88 maltraitance « ordinaire » et il y a lieu de mettre en place une analyse approfondie de certaines d’entre elles ;

- la prise en compte dans la procédure des plaintes et réclamations de patients traitées en interface avec le Médiateur de la République dès lors qu’elles mettent en exergue un défaut de fonctionnement ou un déficit d’organisation ayant un impact sur la qualité et la sécurité des soins ;

- l’exigence renforcée de déploiement effectif d’une démarche palliative en direction des patients en fin de vie et de leurs proches.

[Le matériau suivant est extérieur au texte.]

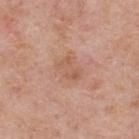{
  "biopsy_status": "not biopsied; imaged during a skin examination",
  "site": "back",
  "patient": {
    "sex": "male",
    "age_approx": 75
  },
  "lighting": "white-light",
  "lesion_size": {
    "long_diameter_mm_approx": 3.0
  },
  "automated_metrics": {
    "area_mm2_approx": 4.5,
    "eccentricity": 0.8,
    "nevus_likeness_0_100": 0,
    "lesion_detection_confidence_0_100": 100
  },
  "image": {
    "source": "total-body photography crop",
    "field_of_view_mm": 15
  }
}
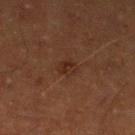biopsy status: imaged on a skin check; not biopsied
patient: male, aged 63–67
image source: 15 mm crop, total-body photography
lesion diameter: ~2.5 mm (longest diameter)
body site: the leg
tile lighting: cross-polarized illumination
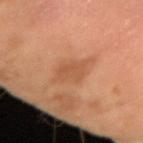| feature | finding |
|---|---|
| biopsy status | no biopsy performed (imaged during a skin exam) |
| acquisition | 15 mm crop, total-body photography |
| lesion size | ≈4.5 mm |
| illumination | cross-polarized illumination |
| patient | male, aged around 65 |
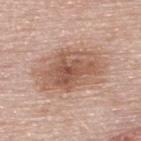Q: Is there a histopathology result?
A: no biopsy performed (imaged during a skin exam)
Q: How was this image acquired?
A: ~15 mm tile from a whole-body skin photo
Q: What are the patient's age and sex?
A: female, roughly 50 years of age
Q: Lesion location?
A: the upper back
Q: Lesion size?
A: about 8 mm
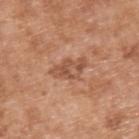Impression: This lesion was catalogued during total-body skin photography and was not selected for biopsy. Context: A male patient in their mid-60s. An algorithmic analysis of the crop reported an eccentricity of roughly 0.9 and two-axis asymmetry of about 0.3. The analysis additionally found a mean CIELAB color near L≈53 a*≈23 b*≈33 and a normalized border contrast of about 6.5. It also reported lesion-presence confidence of about 100/100. A lesion tile, about 15 mm wide, cut from a 3D total-body photograph. From the upper back. The tile uses white-light illumination. Approximately 4.5 mm at its widest.
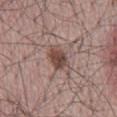<tbp_lesion>
  <biopsy_status>not biopsied; imaged during a skin examination</biopsy_status>
  <image>
    <source>total-body photography crop</source>
    <field_of_view_mm>15</field_of_view_mm>
  </image>
  <site>mid back</site>
  <patient>
    <sex>male</sex>
    <age_approx>65</age_approx>
  </patient>
</tbp_lesion>
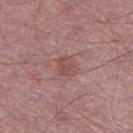Clinical impression: Imaged during a routine full-body skin examination; the lesion was not biopsied and no histopathology is available. Context: A close-up tile cropped from a whole-body skin photograph, about 15 mm across. Longest diameter approximately 2.5 mm. A male patient, aged 63 to 67. On the leg.

L’évolution de la certification dans ce domaine et le travail entrepris au travers de ce rapport s’inscrivent dans un contexte plus général de prise de conscience du phénomène de maltraitance « ordinaire » qui conduit à plusieurs initiatives convergentes (rôle sur le développement de la bientraitance et la lutte contre la maltraitance confié aux ARS43 au travers de la loi HPST44, travaux du ministère de la Santé et des fédérations d’établissements, travaux de l’Agence nationale de l’évaluation et de la qualité des établissements et services sociaux et sociaux (Anesm) dans le domaine médico-social qui sont les signes d’un changement profond des perceptions sur cette question.

43 Agences régionales de santé.

44 Loi du 21 juillet 2009 portant réforme de l’hôpital et relative aux patients, à la santé et aux territoires.